CHAPTER 6

CHAPTER 6

Providing that genes assort independently, the product and summation laws can be used to predict the phenotypic and genotypic ratios from crosses.

The phenotypic and genotypic ratios for F2 of a dihybrid cross where the genes are on different chromosomes are:

Genotypic- 1:2:1:2:4:2:1:2:1

Phenotypic- 9:3:3:1

The recombination frequency (RF) is 50%

If an individual that is a double heterozygote (AaBb) is test crossed the phenotypic ratios of the offspring are:

1:1:1:1

If genes are located on the same chromosome they are said to be linked. Linked alleles for different genes will segregate to the same gametes unless a crossing over occurs between them during prophase I of meiosis. If an individual is doubly heterozygous for two genes the alleles may be arranged in a cis configuration (wild types together and mutants together) or they may be in a trans configuration (wild type allele with a mutant allele).

The further apart two genetic loci are on a chromosome, the greater the probability of a crossing over occurring between these loci. Therefore, the recombination frequency can be used to establish an index of how far apart loci are located on the chromosome. Such a procedure establishes a linkage map. 1% RF represents 1 centiMorgan. When two genetic loci are studied the maximum RF is 50%. Therefore, if loci are widely separated on a chromosome they effectively assort independently of each other.
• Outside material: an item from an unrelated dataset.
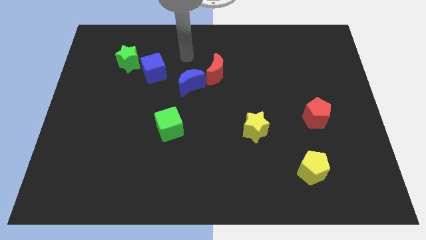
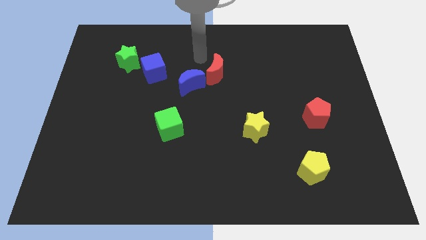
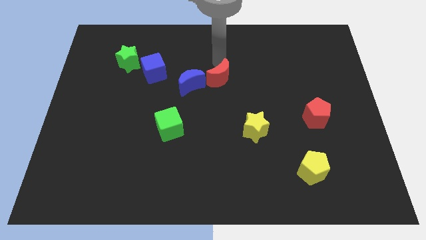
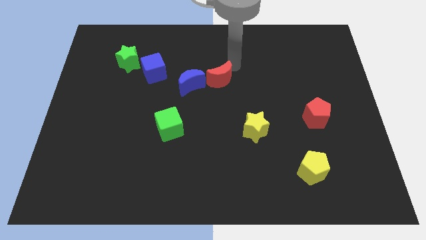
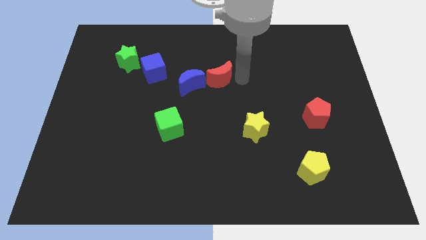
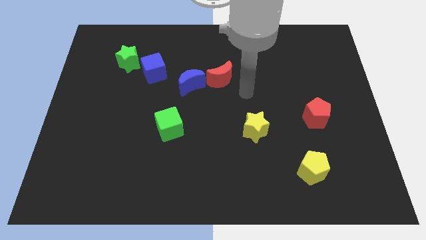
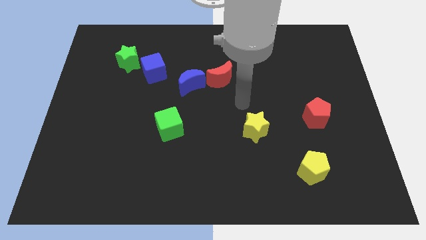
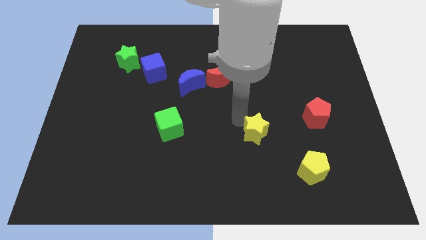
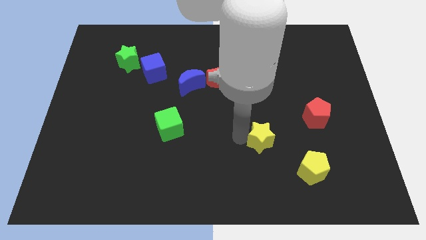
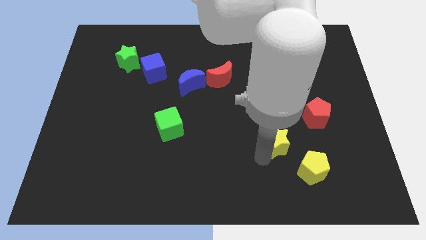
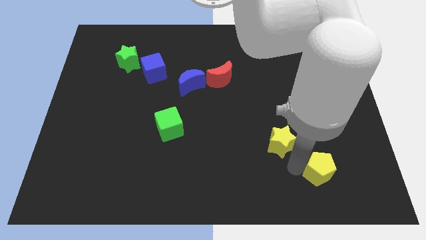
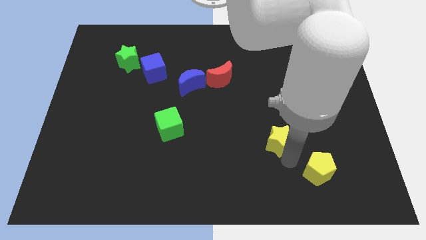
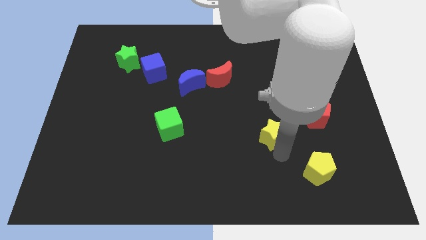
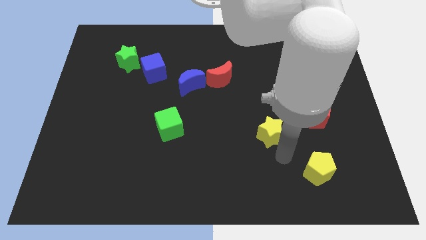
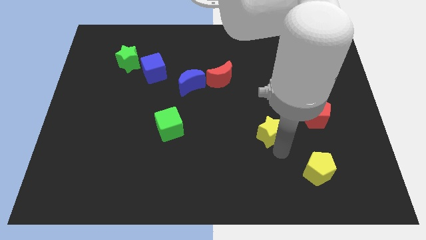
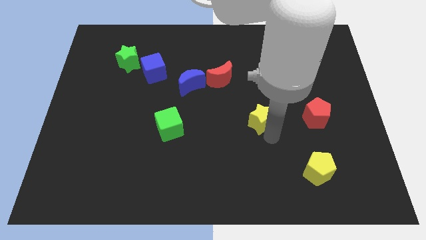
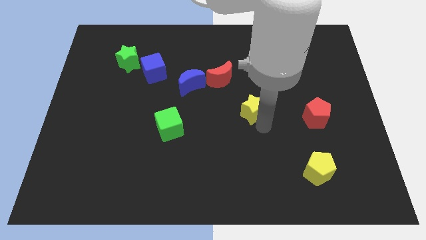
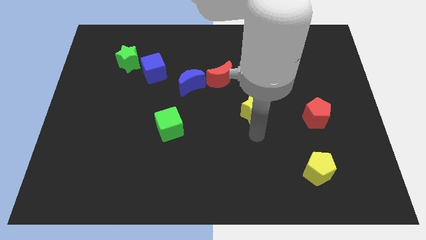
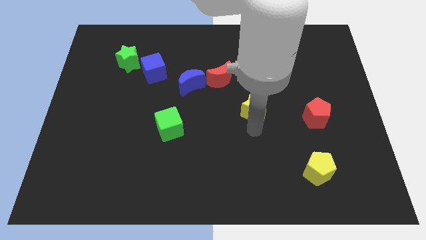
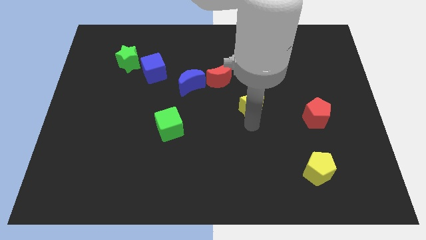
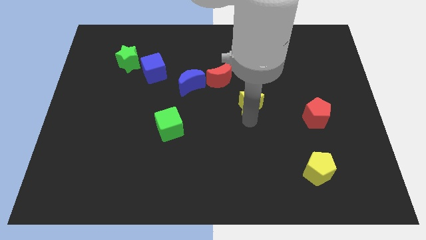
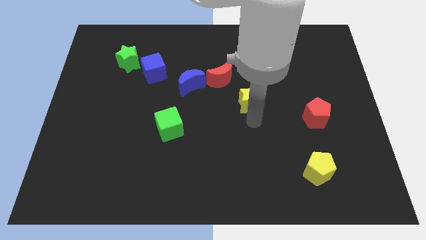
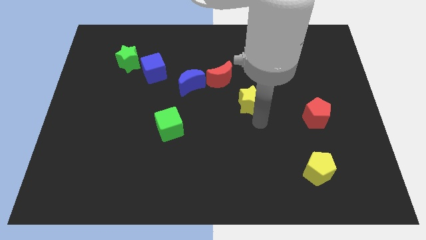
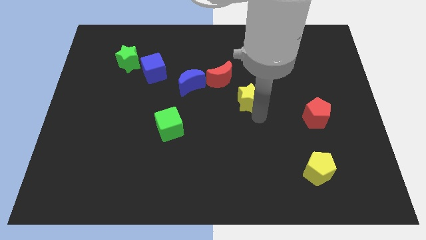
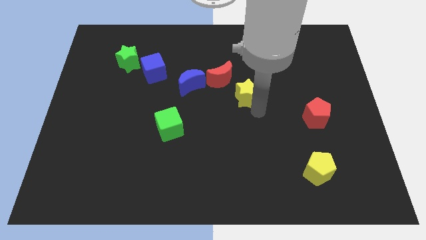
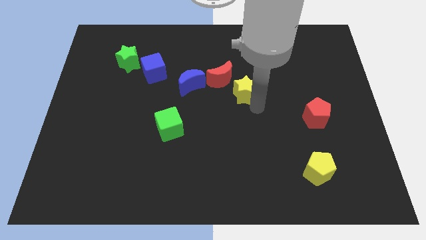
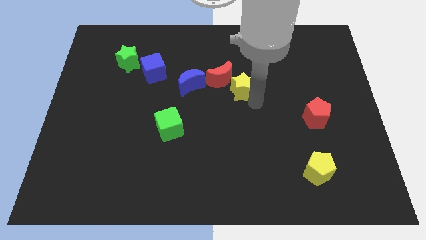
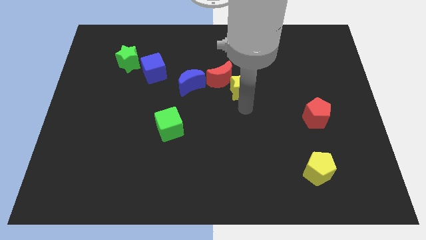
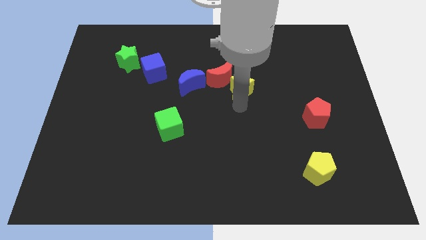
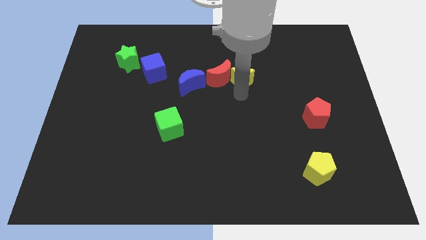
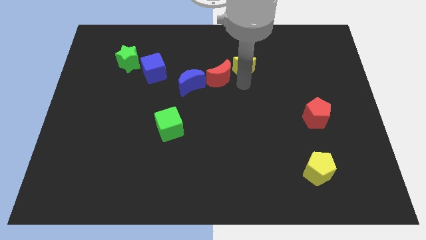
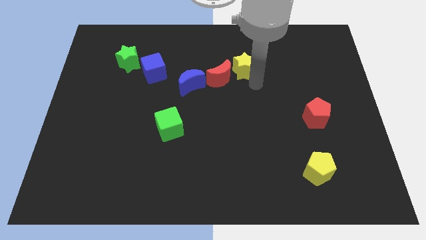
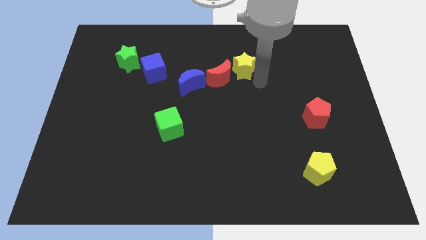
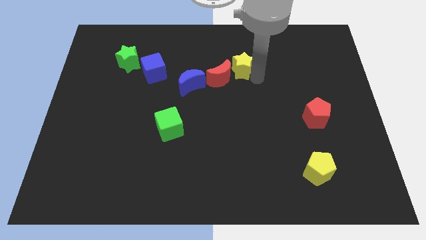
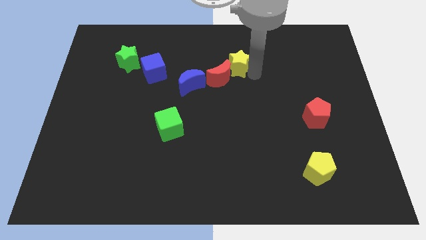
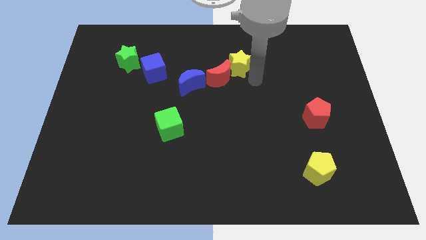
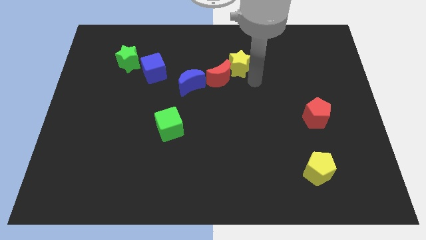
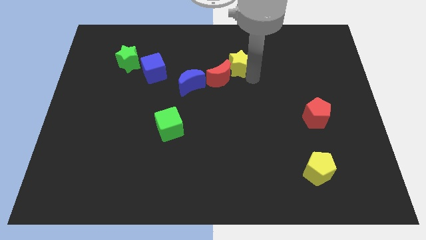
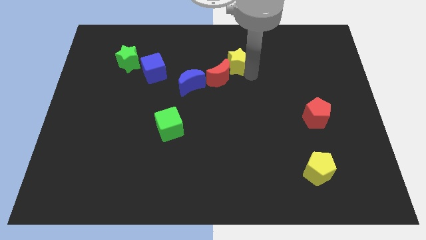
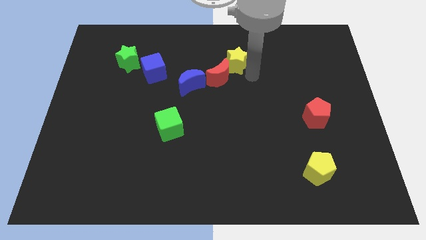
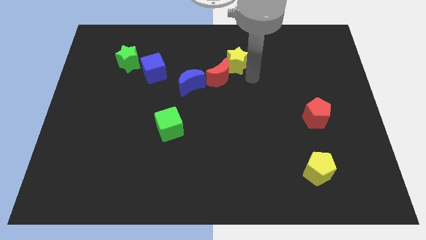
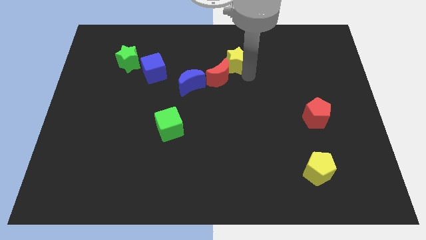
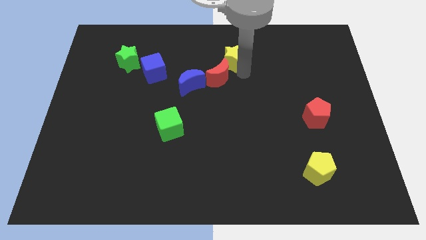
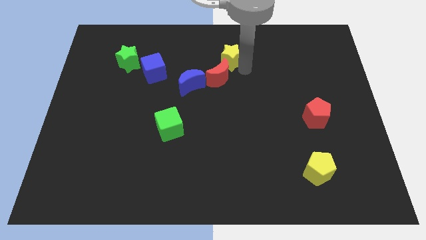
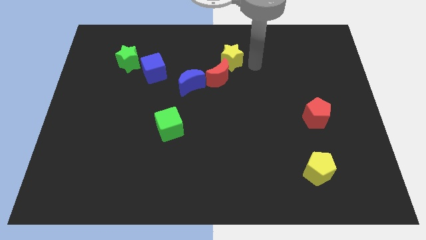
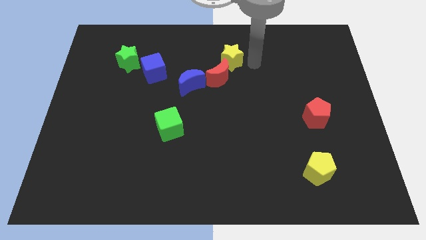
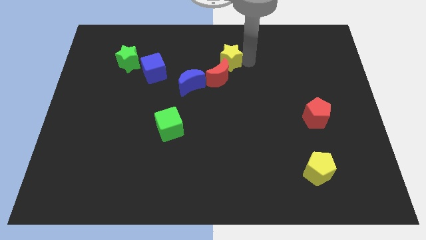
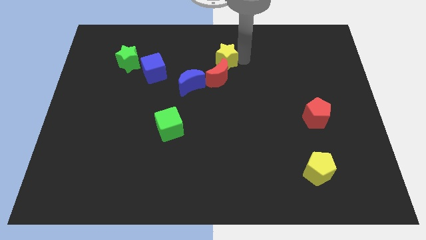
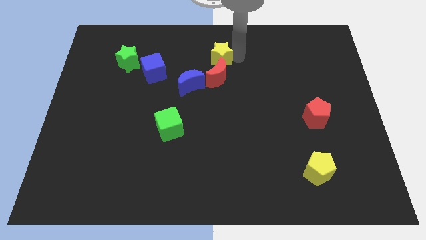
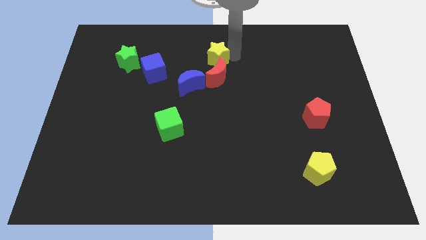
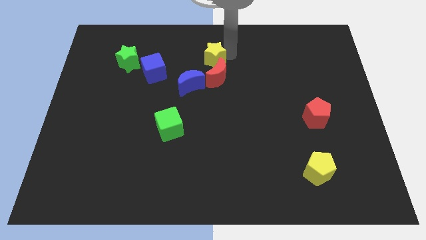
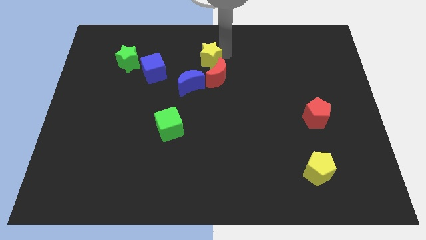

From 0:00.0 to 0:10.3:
slide the yellow star upwards and to the left diagonally

When three genetic loci are studied the arrangement of the genes can be established. This is called a three point cross. In a three point cross, a triple heterozygote individual is test crossed so that the relative frequency of offspring reflect the relative frequency of gametes produced by the tested individual. The two most common offspring types reflect the linkage groups (parental types). The two least frequent recombinants reflect the cases involving double crossing over events. Each parent will have two alleles in common with one or the other double crossover recombinant. The allele that differs is the centrally located locus. The distance between the central locus and an end locus is calculated by adding the relevant single cross over and double cross over recombinants and dividing this sum by the total number of offspring. The distance between the two outer loci must be determined by summing the two internal distances.
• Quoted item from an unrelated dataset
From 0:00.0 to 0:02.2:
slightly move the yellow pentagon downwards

Often a crossing over influences the likelihood of a nearby crossing over. We can calculate the expected number of double crossing overs using the product rule on the probabilities of the two single crossing overs. Dividing the observed double crossing overs by the expected double crossing overs yields a quantity called the coefficient of coincidence (coc). Interference = 1 - coc.

Because of sampling problems, the observed phenotypic ratios will usually not be exactly what are expected based on theoretical considerations. We would like to assess whether any differences we observe are meaningfully different than what we expect. To do this we establish a null hypothesis based on our expectations and then use statistical techniques to see if the observed results are too inconsistent with our hypothesis for us to accept it as likely. To do this, we calculate an index that reflects the difference between our observations and expectations. This index is then compared to a critical value established by statisticians that will only be exceeded by chance with a certain probability P. Scientists often choose P=0.05. A common index used is the chi-squared statistic (Table 5-2). To use this technique you must obtain a critical value from the appropriate row in Table 5-2. The appropriate row is equal to the number of phenotypic categories minus one (e.g. for the F2 of a dihybrid 9:3:3:1; the row is 3).

Chi-squared statistic= ∑ (observed-expected)²/expected

This procedure disregards the possibility of differential viability of meiotic products. A technique that handles such a situation is a Contingency Table Analysis.